# [ABOUT THIS TASK]
In your copy, repeat the records exactly and leave out the pictures.

[Records contained in a dataset]
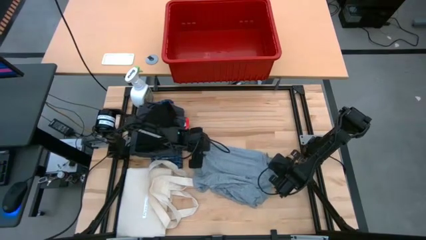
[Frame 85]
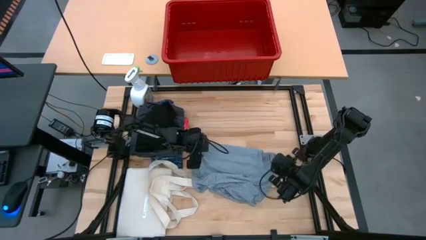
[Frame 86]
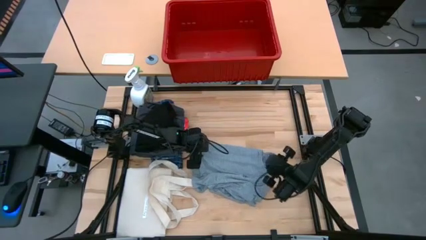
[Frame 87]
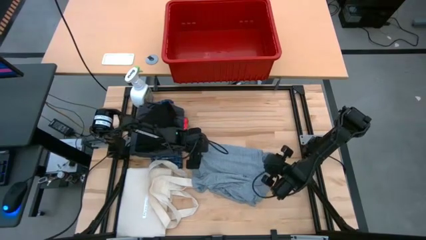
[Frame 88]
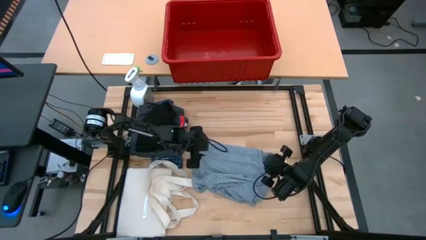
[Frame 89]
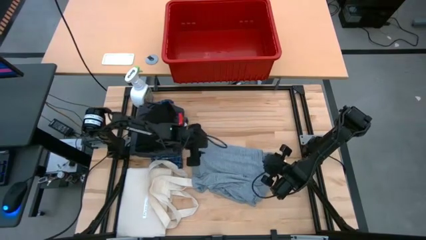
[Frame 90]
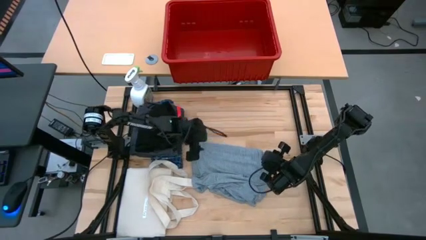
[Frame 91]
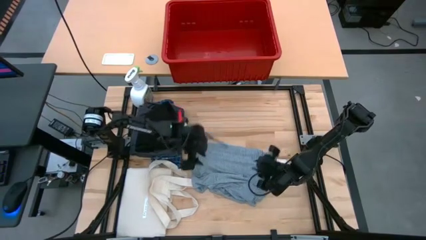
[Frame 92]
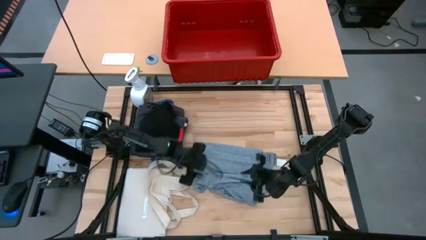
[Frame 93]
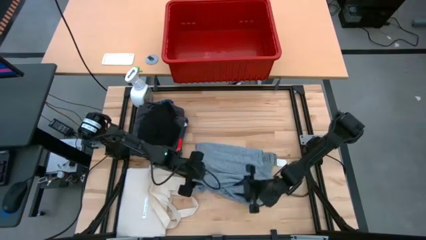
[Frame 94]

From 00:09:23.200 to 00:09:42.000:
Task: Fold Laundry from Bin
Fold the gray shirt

# [RESPONSE AREA]
[Frame 85]
[Frame 86]
[Frame 87]
[Frame 88]
[Frame 89]
[Frame 90]
[Frame 91]
[Frame 92]
[Frame 93]
[Frame 94]

From 00:09:23.200 to 00:09:42.000:
Task: Fold Laundry from Bin
Fold the gray shirt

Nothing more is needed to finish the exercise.